* [Problem statement]: All the data should be repeated exactly. Any image in it is left out.

□ □ □ □ □ □ □

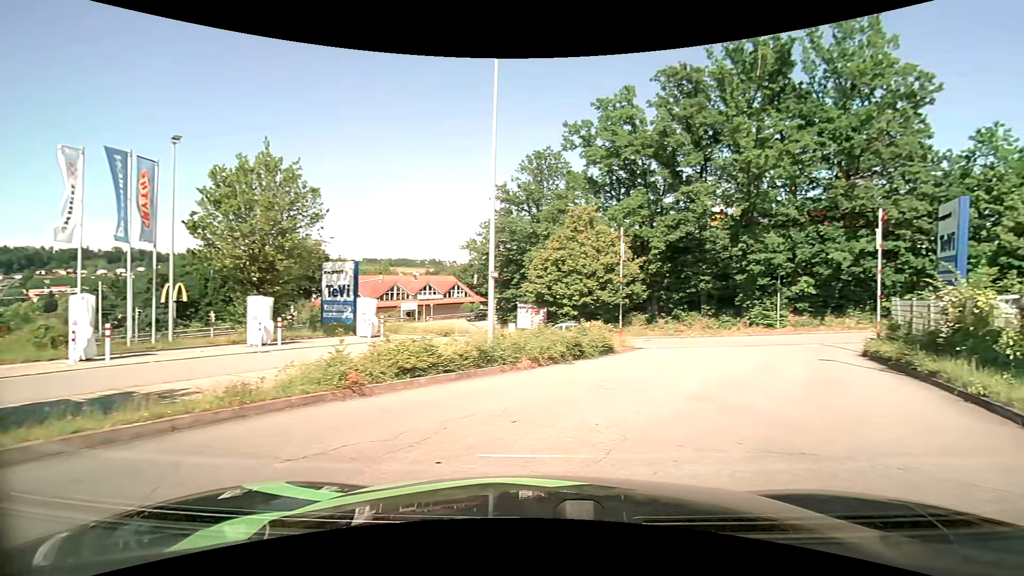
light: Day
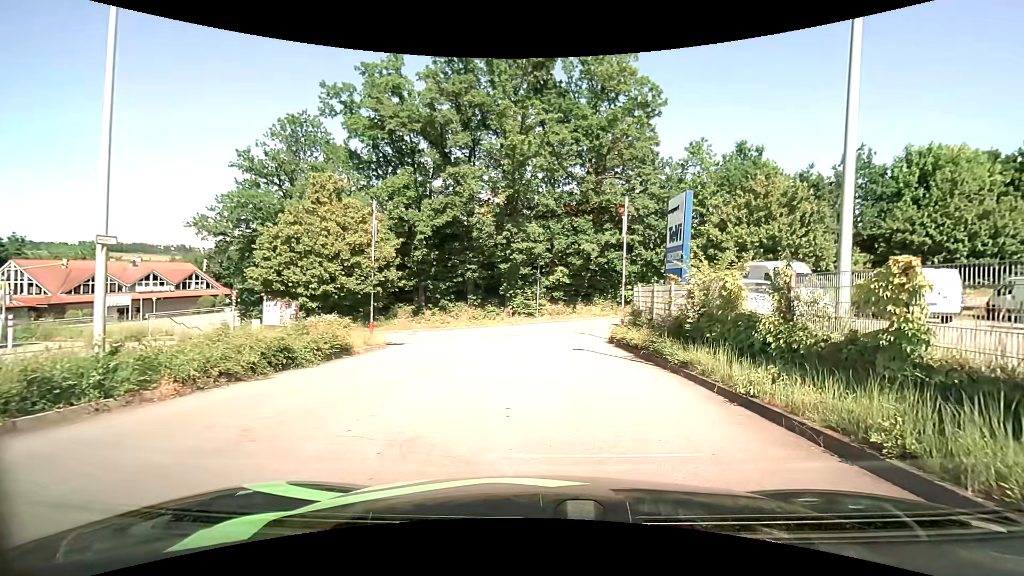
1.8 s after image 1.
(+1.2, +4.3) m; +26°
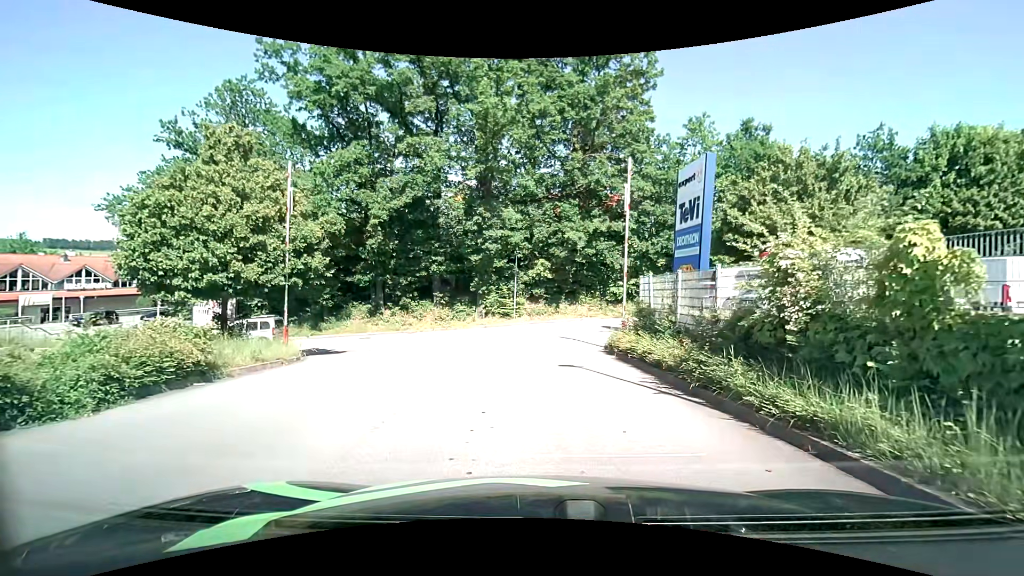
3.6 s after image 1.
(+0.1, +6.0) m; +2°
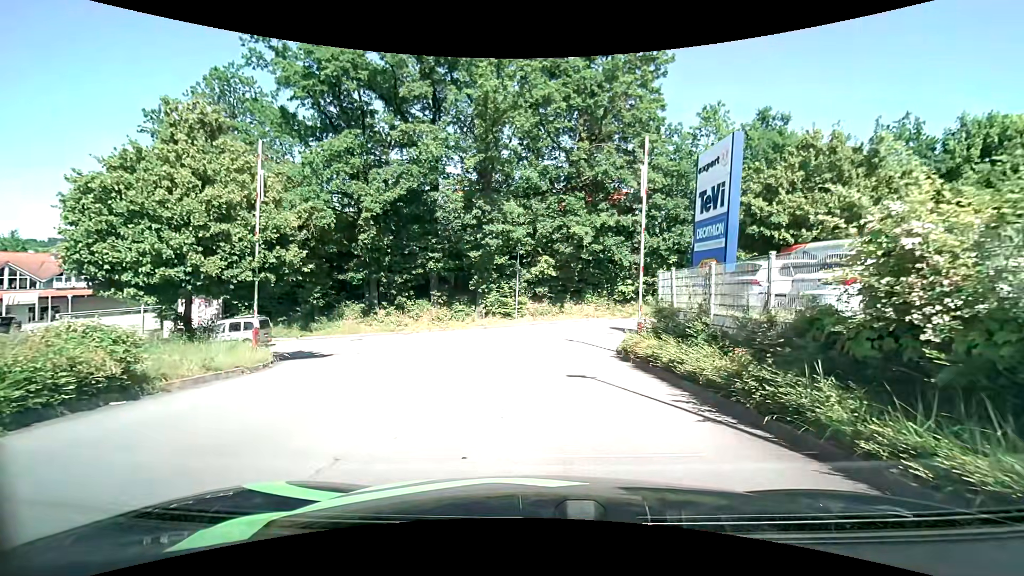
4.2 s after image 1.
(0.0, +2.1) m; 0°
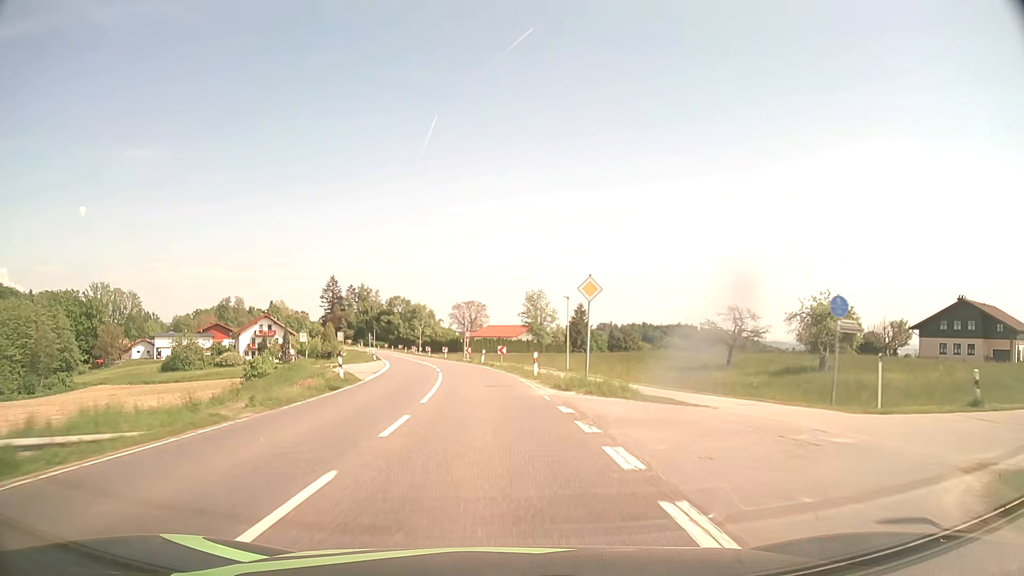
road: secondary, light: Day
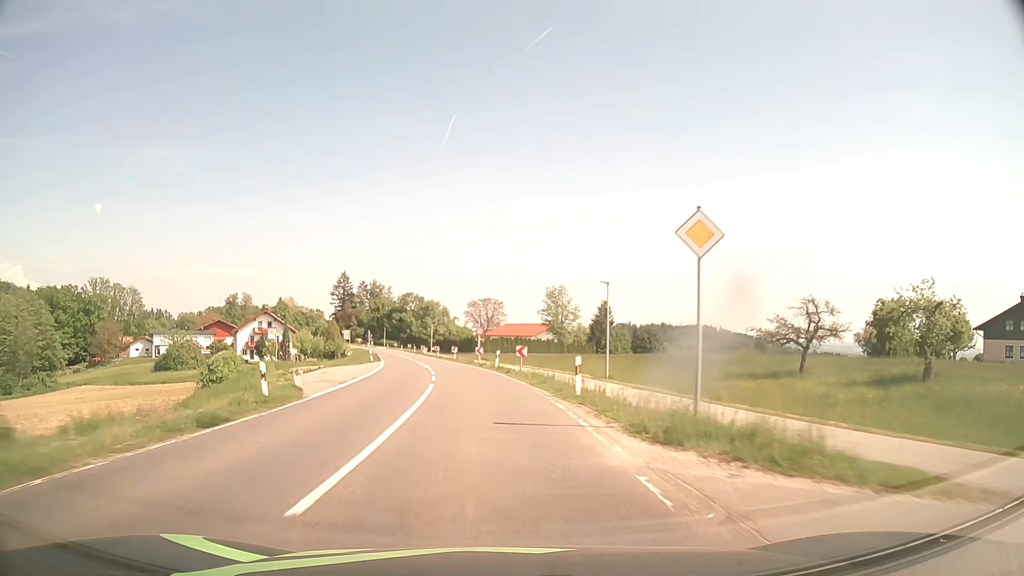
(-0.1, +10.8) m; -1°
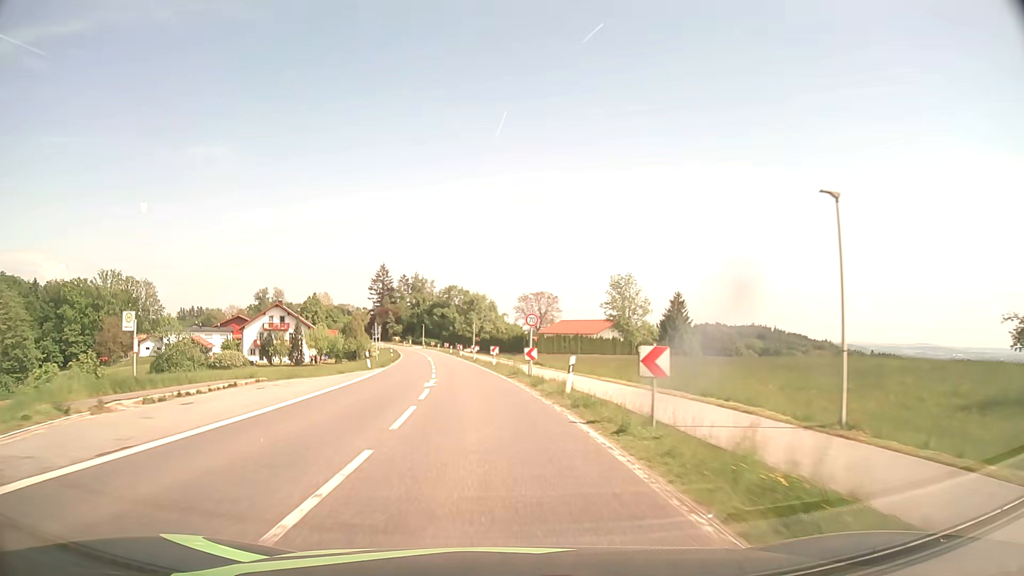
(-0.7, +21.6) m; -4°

□ □ □ □ □ □ □

* [Expected answer]:
light: Day
1.8 s after image 1.
(+1.2, +4.3) m; +26°
3.6 s after image 1.
(+0.1, +6.0) m; +2°
4.2 s after image 1.
(0.0, +2.1) m; 0°
road: secondary, light: Day
(-0.1, +10.8) m; -1°
(-0.7, +21.6) m; -4°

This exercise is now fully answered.